The hypervisor is a powerful tool of abstraction, and it's the reason that malicious software and rootkits attempt to install as hypervisor in virtualized environments. They do this to intercept operations of the operating system without the antivirus software necessarily detecting it.

Security provided by hypervisors is based on their ability to isolate processes from each other. On the Intel architecture, once a malicious party has access to ring 0, which is the most privileged mode of operation, there is no limit to what it can do. This includes any read, write and modification of all data. For a comprehensive look at hypervisor security, the paper, Security Consideration for Virtualization [PDF link], provides a highly technical overview of the topic.

Security issues around hypervisors are not new. The challenge in securing hypervisors are somewhat complex and not for the fainthearted. Anyone using virtualization should realize that the hypervisor is the target of choice for any attacker.

There is an expanding set of hypervisor security software coming on the market. Those looking to get their feet wet may want to try Appgate Free Edition from AppGate Network Security. The free edition is a fully functional version of the AppGate Security server. It is delivered as a virtualized version and can be run on almost any computer hardware.

Cloud Computing and PCI

When it comes to cloud computing, organizations need to take a broad view of its use from a security perspective. Because cloud computing changes the risk landscape for organizations, particular consideration needs to be addressed regarding confidentiality, integrity, availability, privacy, regulatory and legal (e-discovery and more) areas.
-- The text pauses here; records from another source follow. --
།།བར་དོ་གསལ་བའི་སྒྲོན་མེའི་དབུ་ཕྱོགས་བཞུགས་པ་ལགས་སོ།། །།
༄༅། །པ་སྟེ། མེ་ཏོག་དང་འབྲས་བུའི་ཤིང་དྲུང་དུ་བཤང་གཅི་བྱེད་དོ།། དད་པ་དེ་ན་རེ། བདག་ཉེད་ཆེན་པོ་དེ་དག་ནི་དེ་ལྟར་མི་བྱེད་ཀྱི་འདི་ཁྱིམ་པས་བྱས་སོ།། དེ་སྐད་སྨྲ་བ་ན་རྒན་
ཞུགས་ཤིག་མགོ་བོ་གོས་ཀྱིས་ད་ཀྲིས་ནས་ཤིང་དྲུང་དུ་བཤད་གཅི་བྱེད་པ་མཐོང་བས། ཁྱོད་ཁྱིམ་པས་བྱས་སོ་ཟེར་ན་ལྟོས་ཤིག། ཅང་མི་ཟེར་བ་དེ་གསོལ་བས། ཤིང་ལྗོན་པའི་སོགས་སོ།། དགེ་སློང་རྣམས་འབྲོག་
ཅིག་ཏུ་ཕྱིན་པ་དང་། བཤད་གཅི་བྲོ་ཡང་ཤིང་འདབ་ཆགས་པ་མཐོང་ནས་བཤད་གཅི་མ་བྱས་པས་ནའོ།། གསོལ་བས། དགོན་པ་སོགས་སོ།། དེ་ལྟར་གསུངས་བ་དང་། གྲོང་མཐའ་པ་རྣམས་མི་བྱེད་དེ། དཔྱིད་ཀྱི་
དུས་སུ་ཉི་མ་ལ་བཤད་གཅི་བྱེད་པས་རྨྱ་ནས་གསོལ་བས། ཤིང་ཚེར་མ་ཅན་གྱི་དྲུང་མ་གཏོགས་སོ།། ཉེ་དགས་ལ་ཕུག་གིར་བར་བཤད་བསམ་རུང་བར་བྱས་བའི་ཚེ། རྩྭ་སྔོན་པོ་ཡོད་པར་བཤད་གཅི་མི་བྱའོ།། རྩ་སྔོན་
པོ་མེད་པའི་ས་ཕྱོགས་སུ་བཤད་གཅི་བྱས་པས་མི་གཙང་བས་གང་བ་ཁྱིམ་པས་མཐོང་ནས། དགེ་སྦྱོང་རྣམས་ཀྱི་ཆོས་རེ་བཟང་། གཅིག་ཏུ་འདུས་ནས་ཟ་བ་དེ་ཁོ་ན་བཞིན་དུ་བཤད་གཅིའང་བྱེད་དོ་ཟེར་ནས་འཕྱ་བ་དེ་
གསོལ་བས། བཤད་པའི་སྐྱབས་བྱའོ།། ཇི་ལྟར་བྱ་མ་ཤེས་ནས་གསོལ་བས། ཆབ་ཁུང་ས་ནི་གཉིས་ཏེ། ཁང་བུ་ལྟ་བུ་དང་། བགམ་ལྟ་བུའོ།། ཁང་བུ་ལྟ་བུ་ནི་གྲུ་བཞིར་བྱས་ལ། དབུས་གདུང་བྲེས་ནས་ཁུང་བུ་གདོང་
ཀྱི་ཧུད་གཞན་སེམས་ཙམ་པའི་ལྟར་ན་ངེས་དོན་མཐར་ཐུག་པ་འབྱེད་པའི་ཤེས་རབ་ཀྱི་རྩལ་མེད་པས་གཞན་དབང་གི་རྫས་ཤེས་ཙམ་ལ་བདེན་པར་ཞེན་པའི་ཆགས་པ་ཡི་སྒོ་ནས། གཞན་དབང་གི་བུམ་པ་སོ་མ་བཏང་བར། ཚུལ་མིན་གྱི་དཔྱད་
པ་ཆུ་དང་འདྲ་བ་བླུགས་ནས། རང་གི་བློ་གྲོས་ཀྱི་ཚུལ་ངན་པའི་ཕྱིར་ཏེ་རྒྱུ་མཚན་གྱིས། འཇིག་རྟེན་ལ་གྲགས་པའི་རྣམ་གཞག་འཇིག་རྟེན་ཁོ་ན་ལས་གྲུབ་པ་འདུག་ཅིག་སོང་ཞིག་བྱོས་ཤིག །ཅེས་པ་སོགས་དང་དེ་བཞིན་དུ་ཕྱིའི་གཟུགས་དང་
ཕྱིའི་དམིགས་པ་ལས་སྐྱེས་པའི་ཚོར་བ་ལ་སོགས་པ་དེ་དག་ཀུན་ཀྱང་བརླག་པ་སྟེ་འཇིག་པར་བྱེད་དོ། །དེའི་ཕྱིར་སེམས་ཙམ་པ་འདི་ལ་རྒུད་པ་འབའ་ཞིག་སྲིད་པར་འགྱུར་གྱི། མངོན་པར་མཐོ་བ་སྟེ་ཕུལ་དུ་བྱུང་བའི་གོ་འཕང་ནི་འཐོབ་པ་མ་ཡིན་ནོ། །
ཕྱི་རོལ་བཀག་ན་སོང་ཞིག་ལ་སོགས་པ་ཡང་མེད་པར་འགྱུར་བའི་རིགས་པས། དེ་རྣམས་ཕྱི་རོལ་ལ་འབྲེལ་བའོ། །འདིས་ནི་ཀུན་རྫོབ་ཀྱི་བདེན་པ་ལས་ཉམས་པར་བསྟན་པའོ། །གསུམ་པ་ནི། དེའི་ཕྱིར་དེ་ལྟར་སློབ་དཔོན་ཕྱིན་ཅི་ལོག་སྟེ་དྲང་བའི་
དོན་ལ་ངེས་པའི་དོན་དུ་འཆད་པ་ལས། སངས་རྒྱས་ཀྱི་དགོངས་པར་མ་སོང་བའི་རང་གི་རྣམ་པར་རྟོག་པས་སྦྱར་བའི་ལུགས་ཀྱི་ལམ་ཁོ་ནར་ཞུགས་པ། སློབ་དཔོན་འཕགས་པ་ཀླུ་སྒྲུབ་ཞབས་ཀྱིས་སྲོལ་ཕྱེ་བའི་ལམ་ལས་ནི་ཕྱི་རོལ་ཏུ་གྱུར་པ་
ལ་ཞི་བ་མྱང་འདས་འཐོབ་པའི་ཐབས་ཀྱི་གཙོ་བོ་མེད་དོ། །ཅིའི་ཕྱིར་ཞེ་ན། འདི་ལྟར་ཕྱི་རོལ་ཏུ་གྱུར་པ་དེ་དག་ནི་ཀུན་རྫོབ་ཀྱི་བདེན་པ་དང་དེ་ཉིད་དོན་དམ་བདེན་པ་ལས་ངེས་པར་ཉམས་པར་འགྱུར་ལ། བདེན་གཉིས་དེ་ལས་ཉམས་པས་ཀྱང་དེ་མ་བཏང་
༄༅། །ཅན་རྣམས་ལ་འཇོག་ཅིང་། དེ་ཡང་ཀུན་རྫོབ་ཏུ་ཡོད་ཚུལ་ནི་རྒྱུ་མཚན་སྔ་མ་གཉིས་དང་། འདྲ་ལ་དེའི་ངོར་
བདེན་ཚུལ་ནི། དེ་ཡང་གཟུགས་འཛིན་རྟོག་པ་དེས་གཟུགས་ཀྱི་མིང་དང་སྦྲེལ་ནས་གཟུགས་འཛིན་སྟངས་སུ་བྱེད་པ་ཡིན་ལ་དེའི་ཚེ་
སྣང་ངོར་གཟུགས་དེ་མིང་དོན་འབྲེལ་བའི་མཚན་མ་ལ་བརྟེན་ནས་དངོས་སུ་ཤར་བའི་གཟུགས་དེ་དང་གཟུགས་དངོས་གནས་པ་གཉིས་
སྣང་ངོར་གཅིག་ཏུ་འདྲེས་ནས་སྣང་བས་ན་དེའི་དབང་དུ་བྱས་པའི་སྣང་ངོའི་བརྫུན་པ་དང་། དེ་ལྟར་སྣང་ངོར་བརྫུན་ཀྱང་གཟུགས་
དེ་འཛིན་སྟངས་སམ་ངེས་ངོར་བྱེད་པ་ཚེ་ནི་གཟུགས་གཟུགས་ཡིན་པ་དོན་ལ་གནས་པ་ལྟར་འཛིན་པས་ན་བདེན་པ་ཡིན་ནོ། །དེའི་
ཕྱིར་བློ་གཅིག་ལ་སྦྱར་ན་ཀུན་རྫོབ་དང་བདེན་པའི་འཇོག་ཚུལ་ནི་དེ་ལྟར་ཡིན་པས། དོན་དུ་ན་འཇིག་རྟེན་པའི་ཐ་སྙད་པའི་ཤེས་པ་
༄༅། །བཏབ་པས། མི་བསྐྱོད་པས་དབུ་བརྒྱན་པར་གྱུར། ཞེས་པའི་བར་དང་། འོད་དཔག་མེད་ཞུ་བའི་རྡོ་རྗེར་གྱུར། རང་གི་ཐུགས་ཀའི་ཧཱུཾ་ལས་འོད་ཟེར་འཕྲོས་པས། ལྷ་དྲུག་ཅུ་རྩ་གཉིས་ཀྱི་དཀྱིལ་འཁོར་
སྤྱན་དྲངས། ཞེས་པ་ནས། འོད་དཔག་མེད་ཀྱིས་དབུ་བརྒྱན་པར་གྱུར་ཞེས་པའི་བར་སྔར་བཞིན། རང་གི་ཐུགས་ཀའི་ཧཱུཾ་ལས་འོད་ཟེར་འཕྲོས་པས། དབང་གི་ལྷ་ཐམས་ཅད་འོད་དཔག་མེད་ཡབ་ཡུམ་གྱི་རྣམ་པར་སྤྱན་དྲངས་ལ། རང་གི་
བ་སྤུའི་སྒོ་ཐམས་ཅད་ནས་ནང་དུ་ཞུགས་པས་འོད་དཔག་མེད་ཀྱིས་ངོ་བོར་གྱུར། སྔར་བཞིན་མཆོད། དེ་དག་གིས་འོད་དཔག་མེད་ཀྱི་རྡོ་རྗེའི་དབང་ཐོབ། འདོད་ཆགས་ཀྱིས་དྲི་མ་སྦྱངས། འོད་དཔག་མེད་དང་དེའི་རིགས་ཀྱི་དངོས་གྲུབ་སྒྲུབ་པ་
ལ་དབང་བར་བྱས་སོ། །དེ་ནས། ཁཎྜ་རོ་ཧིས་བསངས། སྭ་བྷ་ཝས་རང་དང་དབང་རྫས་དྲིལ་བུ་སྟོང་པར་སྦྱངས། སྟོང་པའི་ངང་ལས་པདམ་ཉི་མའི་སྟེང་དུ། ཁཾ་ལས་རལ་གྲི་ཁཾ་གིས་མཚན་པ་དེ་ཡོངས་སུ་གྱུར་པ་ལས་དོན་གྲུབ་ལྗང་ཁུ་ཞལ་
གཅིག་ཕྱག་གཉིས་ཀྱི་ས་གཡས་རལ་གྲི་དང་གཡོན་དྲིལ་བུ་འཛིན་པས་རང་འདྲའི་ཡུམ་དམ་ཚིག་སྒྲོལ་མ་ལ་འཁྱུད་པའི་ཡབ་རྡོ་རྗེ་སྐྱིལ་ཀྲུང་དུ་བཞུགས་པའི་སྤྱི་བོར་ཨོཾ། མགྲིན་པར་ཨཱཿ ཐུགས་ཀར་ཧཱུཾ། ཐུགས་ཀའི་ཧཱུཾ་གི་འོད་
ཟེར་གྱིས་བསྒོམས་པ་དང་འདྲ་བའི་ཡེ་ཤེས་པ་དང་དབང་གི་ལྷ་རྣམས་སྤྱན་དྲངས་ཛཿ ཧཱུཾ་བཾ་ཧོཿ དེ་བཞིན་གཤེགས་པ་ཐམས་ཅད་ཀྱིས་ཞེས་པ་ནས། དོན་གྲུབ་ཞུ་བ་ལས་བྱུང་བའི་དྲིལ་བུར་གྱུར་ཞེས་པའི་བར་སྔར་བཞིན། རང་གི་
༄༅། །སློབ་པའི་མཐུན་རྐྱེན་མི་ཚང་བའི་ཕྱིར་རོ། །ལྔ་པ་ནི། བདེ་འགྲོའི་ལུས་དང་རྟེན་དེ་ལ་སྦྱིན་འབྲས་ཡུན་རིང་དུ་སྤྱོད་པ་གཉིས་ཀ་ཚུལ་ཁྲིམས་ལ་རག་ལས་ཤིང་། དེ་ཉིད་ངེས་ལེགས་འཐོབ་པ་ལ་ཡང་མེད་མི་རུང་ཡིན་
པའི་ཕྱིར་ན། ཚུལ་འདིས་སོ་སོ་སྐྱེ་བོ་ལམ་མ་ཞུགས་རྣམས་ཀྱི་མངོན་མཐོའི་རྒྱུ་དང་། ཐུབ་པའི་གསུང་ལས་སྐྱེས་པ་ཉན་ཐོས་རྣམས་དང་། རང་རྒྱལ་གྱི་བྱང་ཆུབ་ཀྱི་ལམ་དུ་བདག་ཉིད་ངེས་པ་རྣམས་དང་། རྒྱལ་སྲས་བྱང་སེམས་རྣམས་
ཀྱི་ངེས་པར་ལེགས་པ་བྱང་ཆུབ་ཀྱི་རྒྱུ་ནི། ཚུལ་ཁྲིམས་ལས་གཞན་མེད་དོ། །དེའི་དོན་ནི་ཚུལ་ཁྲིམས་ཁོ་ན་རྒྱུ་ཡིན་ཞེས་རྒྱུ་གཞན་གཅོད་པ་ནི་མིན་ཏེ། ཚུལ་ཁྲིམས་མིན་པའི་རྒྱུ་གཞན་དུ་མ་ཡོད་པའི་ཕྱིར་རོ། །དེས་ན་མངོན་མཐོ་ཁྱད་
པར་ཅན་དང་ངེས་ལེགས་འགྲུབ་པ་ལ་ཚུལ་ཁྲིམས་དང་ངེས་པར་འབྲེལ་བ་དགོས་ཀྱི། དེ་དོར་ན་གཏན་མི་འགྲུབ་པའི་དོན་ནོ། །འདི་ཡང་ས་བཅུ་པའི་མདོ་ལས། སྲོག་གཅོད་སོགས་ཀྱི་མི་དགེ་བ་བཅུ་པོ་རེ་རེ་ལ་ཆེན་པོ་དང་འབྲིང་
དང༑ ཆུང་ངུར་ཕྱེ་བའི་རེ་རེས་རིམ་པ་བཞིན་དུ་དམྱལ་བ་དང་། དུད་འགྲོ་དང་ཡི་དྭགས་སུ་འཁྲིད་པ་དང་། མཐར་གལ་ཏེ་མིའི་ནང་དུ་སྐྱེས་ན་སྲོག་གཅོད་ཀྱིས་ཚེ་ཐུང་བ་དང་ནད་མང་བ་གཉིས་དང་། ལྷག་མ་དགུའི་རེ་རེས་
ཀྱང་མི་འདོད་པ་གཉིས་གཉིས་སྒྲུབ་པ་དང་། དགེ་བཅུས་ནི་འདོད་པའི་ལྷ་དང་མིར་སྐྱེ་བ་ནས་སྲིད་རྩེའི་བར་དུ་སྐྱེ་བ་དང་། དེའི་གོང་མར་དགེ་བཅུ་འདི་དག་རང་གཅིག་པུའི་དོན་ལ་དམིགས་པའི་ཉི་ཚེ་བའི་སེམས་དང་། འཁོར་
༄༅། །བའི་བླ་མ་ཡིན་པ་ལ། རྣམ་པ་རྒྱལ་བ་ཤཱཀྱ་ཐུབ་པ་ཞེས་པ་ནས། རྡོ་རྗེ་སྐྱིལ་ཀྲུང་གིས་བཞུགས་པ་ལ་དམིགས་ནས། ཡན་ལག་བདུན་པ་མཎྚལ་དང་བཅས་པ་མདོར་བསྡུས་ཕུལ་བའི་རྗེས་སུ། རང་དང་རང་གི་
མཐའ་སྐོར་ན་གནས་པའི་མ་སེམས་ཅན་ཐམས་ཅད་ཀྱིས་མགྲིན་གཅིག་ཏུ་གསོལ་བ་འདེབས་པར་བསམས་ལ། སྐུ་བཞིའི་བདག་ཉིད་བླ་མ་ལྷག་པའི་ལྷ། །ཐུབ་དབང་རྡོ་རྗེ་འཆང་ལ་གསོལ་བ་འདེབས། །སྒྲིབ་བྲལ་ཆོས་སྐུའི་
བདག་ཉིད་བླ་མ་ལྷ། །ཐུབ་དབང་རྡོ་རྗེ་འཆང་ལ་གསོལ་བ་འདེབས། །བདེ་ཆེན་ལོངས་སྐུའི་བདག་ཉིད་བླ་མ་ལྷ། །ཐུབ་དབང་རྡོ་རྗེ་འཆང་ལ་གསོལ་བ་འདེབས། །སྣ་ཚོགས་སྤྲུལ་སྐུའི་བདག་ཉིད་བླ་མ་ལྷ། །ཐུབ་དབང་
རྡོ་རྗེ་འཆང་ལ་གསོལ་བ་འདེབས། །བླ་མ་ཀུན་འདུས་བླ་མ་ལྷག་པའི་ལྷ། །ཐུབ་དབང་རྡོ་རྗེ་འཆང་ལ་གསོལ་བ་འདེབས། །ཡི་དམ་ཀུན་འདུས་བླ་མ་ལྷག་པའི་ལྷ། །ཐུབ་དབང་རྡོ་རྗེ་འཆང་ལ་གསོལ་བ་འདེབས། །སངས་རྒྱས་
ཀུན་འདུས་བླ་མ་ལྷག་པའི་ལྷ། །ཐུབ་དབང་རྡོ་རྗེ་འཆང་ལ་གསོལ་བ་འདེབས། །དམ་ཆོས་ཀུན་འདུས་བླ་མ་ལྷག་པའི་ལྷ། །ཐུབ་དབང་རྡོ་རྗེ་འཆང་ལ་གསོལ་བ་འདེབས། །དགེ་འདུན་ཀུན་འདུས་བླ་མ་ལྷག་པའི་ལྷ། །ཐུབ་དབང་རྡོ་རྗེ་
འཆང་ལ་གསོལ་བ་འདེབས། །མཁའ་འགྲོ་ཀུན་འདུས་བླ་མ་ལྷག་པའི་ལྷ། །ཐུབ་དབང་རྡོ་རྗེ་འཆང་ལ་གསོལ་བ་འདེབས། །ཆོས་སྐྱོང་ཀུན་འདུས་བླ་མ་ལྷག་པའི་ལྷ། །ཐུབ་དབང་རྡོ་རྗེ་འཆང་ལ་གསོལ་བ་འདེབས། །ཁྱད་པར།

While cloud computing simplifies many IT administrative tasks, enterprises are to a degree placing all of their data eggs in one large basket. When a huge amount of valuable data is stored in a single location; it becomes much more vulnerable to attacks. Therefore, it is imperative that both standard security and PCI DSS compliance be put into place.

Also see Clearing the Cloud 3: Some Security What-Ifs

As we've noted, cloud computing is another technology that is ahead of many standards, including PCI DSS. As a start, two excellent resources for cloud computing security are the Security Guidance for Critical Areas of Focus in Cloud Computing [PDF link] from the Cloud Security Alliance and the Cloud Computing Information Assurance Framework from the European Network and Information Security Agency (ENISA). One of the most important recommendations ENISA makes is the information assurance framework, which is a set of assurance criteria designed to assess the risk of adopting cloud services. They also strongly recommend that enterprises compare different cloud provider offers, obtain assurance from the selected cloud providers and reduce the assurance burden on cloud providers.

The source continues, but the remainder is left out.